何処から出したのか数えられない量の紙束を渡してくる。

突然のことで対処が遅れ幾つかを地面に落としてしまった。

「とと。多いですね。これ、全部ですか。」

拾いながら確認する。

「ええ。そうよ。何か不明な点があれば近くの人に伝えなさい、適宜応対するわ。」

「了解しました。じゃあ早速ですけど、これを広げられる場所は在りますか。あと各人員の中でも班長級の人達を集めてもらえますか。その間の対応含めてですが。」

「そうね。ちょっと待って。」

と何処かへと連絡して。

「確保できたわ。東棟の空き教室が使われてないそうよ。急場だけど短時間ならどうにか出来るそうよ。」

「そうですか。では行ってきます。あ、其ほどの時間は要さないつもりですけど。そちらで何かあれば連絡をお願いします。」

「ええ。そうするわ。」

離れ指定された東棟へと向かう。


本当に短時間で会議は終了し、同時に警備再配置が一斉送信された。これにより見落としていた大小様々な穴は塞がれた。

人員を要して数回の確認を行った結果問題は見当たらなかった。

勿論、周辺住宅への配慮も考慮に入れ広範囲に敷かれていた交通規制等も大幅に縮小された。

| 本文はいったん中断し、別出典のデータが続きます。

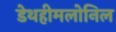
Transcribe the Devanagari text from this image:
डेथहीमलोनिल
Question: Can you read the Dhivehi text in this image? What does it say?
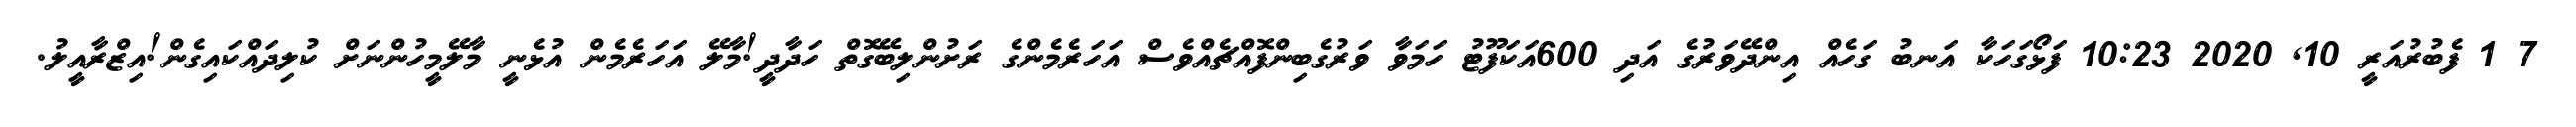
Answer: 7 1 ފެބުރުއަރީ 10, 2020 10:23 ފަޅޯގަހަކާ އަނބު ގަހެއް އިންދޭވަރުގެ އަދި 600އަކަފޫޓު ހަމަވާ ވަރުގެބިންފޮއްޗެއްވެސް އަހަރެމެންގެ ރަށުންލިބޭގޮތް ހަދާދީ!މާލޭ އަހަރެމެން އުޅެނީ މާލޭމީހުންނަށް ކުލިދައްކައިގެން!އިޒްރާއީލު.

実はこの時点で紛れていた者達も一掃されたのは別の話。


準備に手間取り予定の9時をすぎて。

その日の物販が開始された。

瞬間空気がピリッと張りつめる。

緊張が伝播するも飄々としたトーリの言動で緊張が良い具合に解れスムーズに警備員達も自分の仕事を全うしていく。

開場前から続く長蛇の対応は流石というべきか。

再配置が功を奏し交通の妨げにならないように並ばせていた。

トーリは少し見守って対応から変則までの適宜を記した書類二束を彼女に渡して次の現場へと急ぐ。

「と、その前に」

見渡して近くのスタッフを呼ぶ。

「ん、何でしょう。」

どうやら末端の人らしくトーリに対しての反応が接客口調になっている。

「ごめんなさい。時間が無いんですけどいいですか。」

「ええ、構いませんよ。」

「そうですか。なら一つ遣っておいてほしいことが在るんですけど可能ですか。無理なら良いのですけど。」

「ちょっと待ってください。一般の方々からの要望は現場への影響を考慮して受け入れられないことがありますが良いですか。」

「ええ。無理にとは云いません。早速ですけど時間があればあの林に通じる道を閉鎖しておいてください。何分、危険なので。お願いできますか。」

「危険、ですか。どうしてそれを。」

「はい。僕は近所に住んでいるんですけど趣味で郷土とか調べるんです。で、昔からあの林には曰くが付きまとっていて現に近辺でオカルト的な事件があったんです。その現場があの林の奥にあって人が近づかないようになっているんです。でも地元民じゃない人が誤って近づいたらそれこそ今日の事が台無しになっちゃいますから手を打っておいて欲しいんです。宜しくお願いします。あ、時間だからいきますね。頼みますよ。」

離れると萌香の場所を確認して向かう。


関係者以外立入禁止の領域へ踏み入れ教えられた場所。校舎三階へと足を踏み入れると外より一層張りつめた空気が漂っていた。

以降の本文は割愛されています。